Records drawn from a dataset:
____________
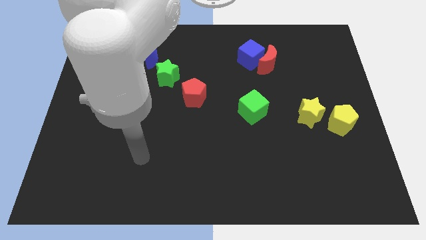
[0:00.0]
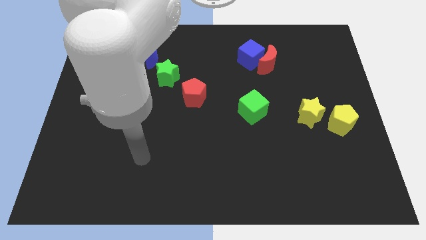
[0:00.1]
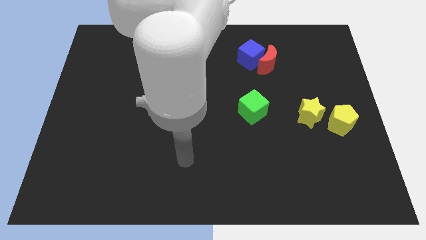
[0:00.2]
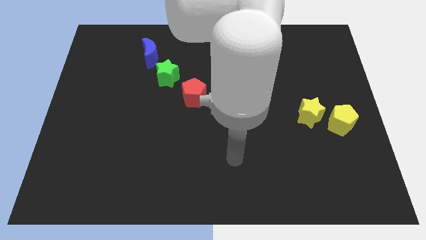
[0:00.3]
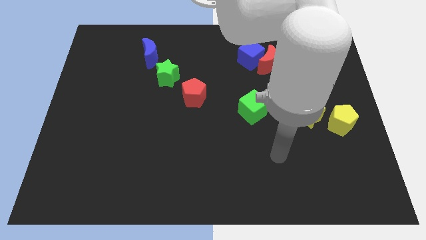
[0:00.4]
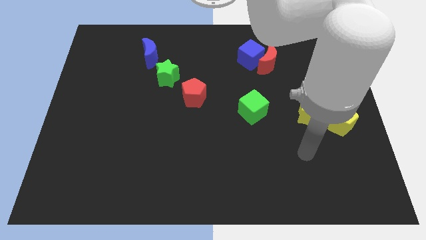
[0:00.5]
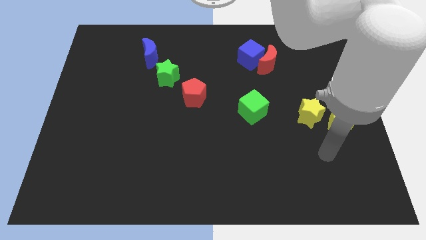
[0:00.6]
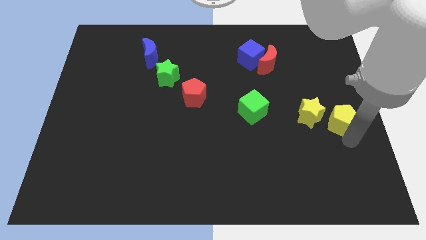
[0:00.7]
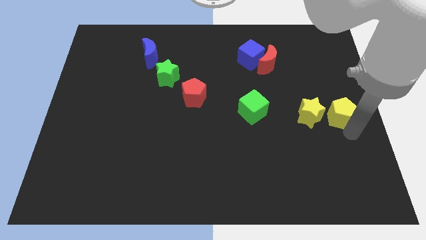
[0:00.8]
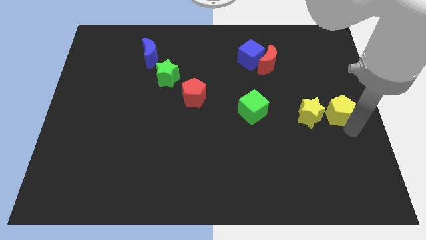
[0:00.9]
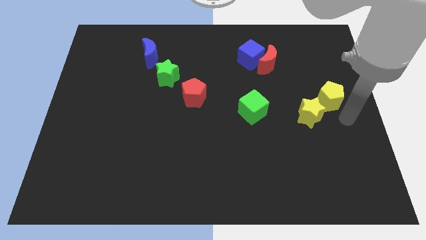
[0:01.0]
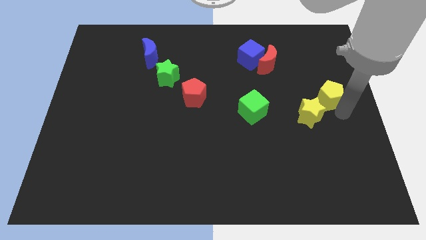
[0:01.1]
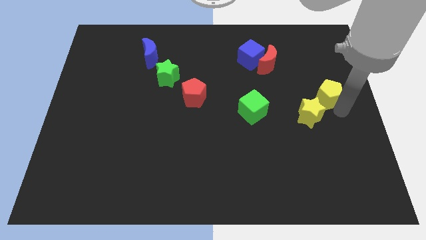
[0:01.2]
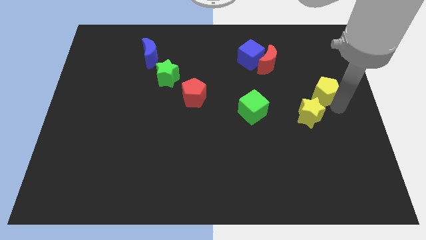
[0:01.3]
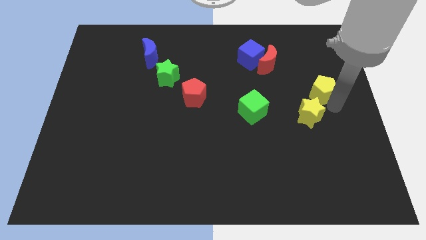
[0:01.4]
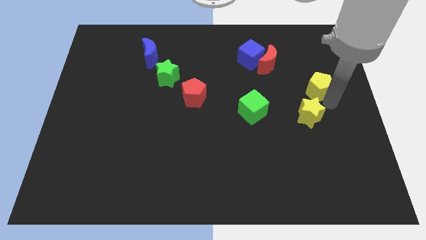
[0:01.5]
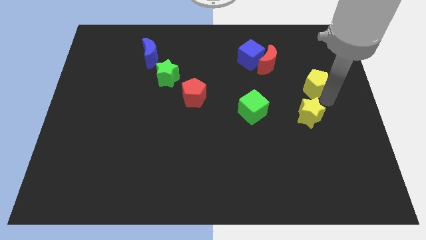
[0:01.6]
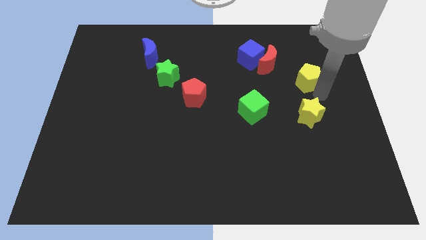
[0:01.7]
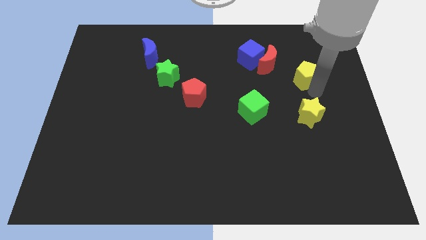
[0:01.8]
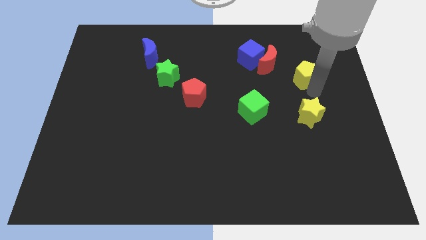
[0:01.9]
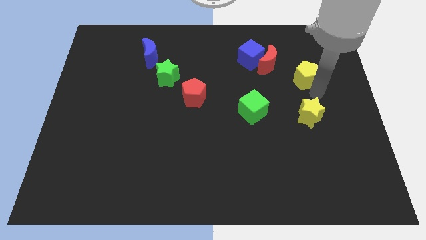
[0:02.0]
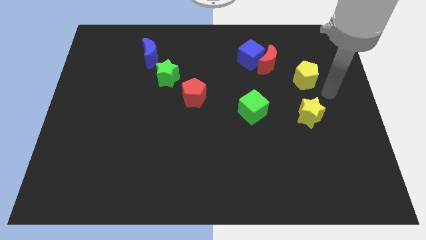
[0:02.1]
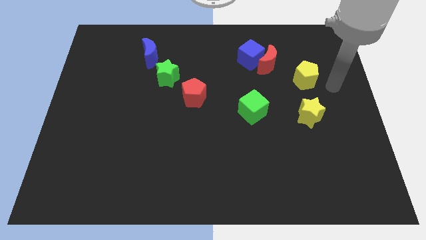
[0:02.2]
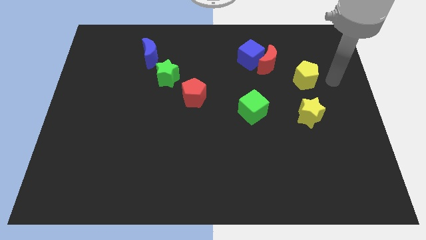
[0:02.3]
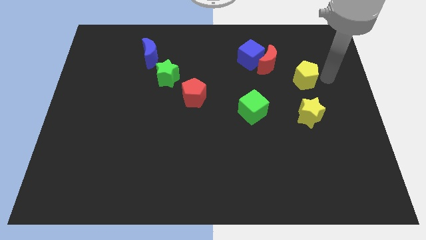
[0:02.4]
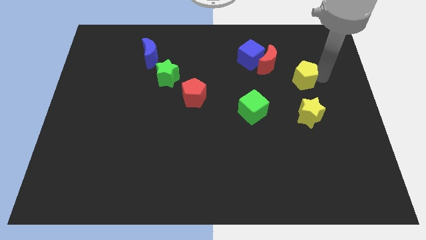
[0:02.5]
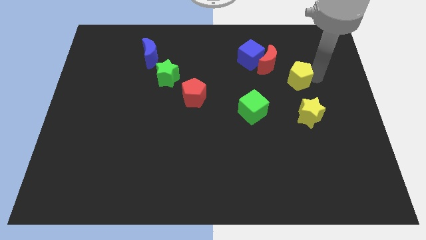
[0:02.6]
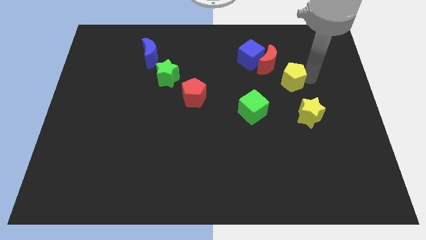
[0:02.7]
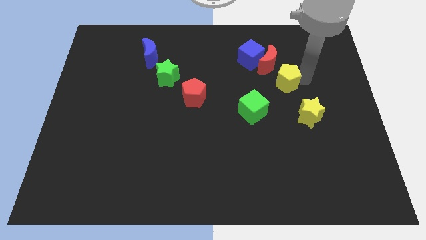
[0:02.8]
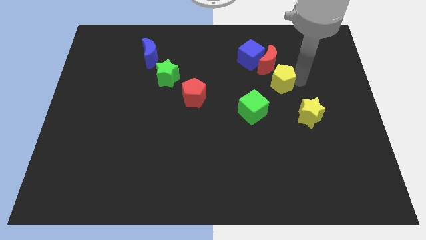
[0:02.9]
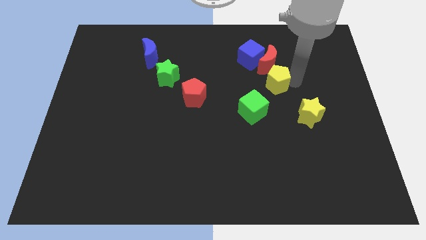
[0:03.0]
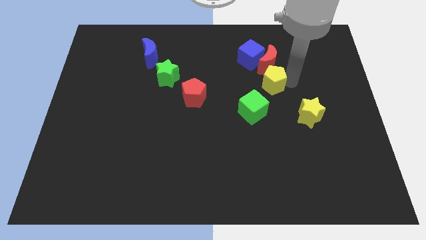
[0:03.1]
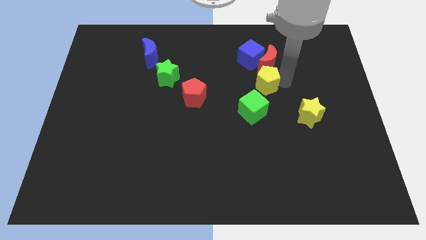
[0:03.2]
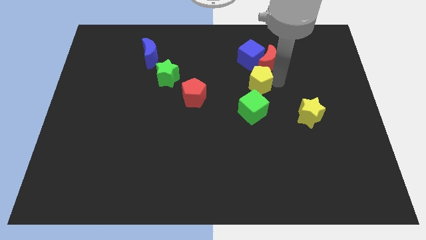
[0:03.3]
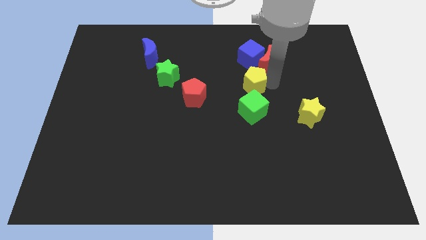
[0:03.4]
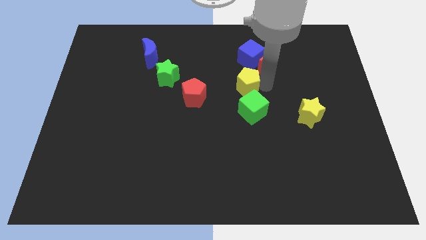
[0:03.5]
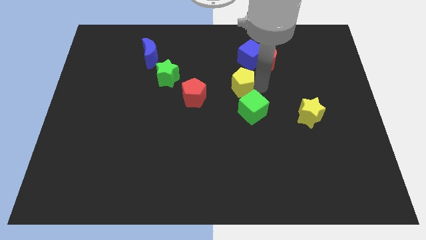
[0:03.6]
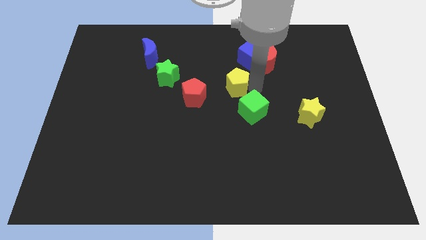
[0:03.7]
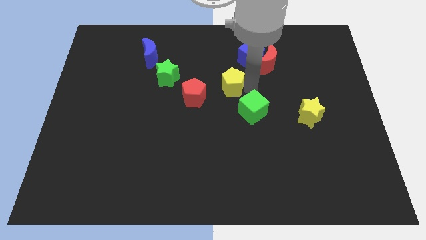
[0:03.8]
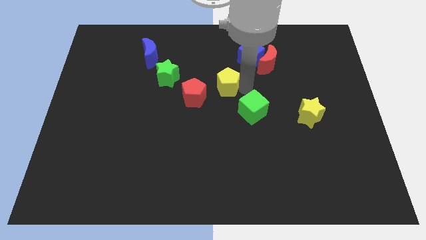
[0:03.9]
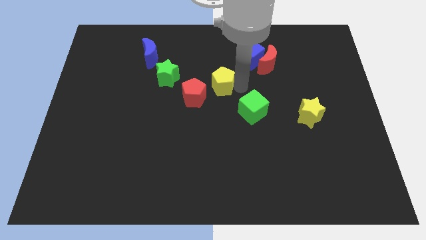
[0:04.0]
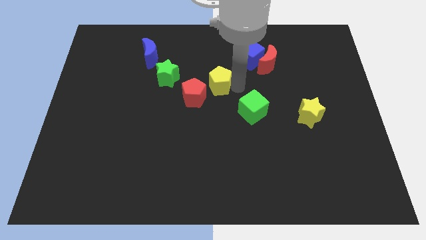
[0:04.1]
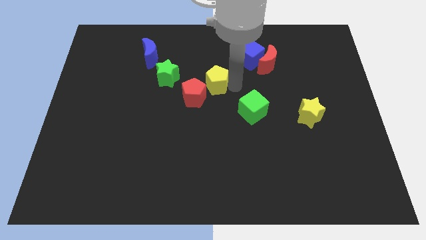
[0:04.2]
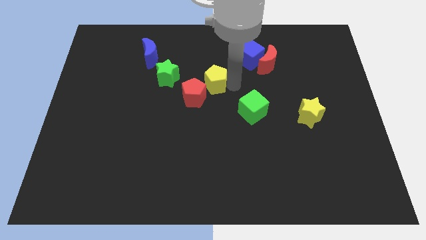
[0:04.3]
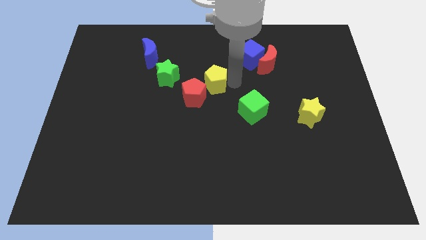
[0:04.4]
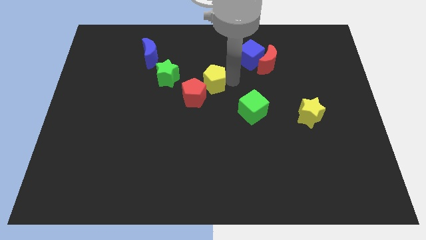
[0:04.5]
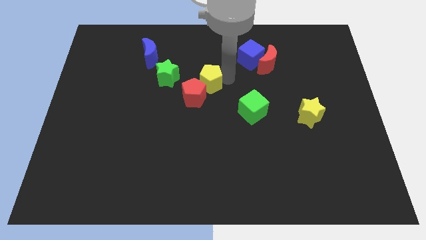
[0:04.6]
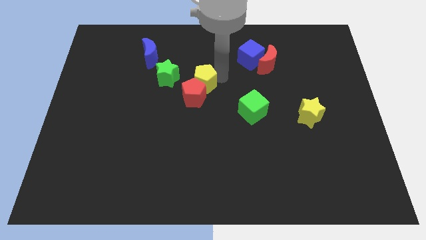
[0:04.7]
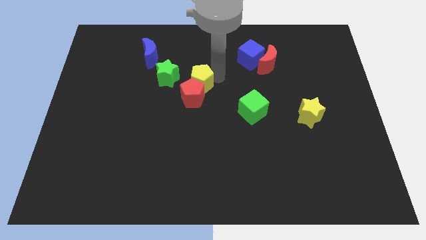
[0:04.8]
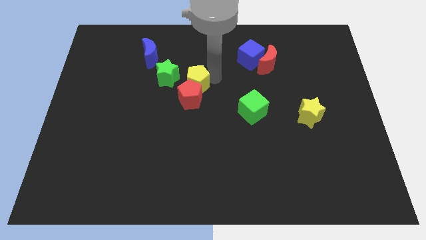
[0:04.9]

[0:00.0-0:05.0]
____________
Exercise
Give back the full data exactly as it reads, but drop the pictures.

Written answer
[0:00.0]
[0:00.1]
[0:00.2]
[0:00.3]
[0:00.4]
[0:00.5]
[0:00.6]
[0:00.7]
[0:00.8]
[0:00.9]
[0:01.0]
[0:01.1]
[0:01.2]
[0:01.3]
[0:01.4]
[0:01.5]
[0:01.6]
[0:01.7]
[0:01.8]
[0:01.9]
[0:02.0]
[0:02.1]
[0:02.2]
[0:02.3]
[0:02.4]
[0:02.5]
[0:02.6]
[0:02.7]
[0:02.8]
[0:02.9]
[0:03.0]
[0:03.1]
[0:03.2]
[0:03.3]
[0:03.4]
[0:03.5]
[0:03.6]
[0:03.7]
[0:03.8]
[0:03.9]
[0:04.0]
[0:04.1]
[0:04.2]
[0:04.3]
[0:04.4]
[0:04.5]
[0:04.6]
[0:04.7]
[0:04.8]
[0:04.9]

[0:00.0-0:05.0]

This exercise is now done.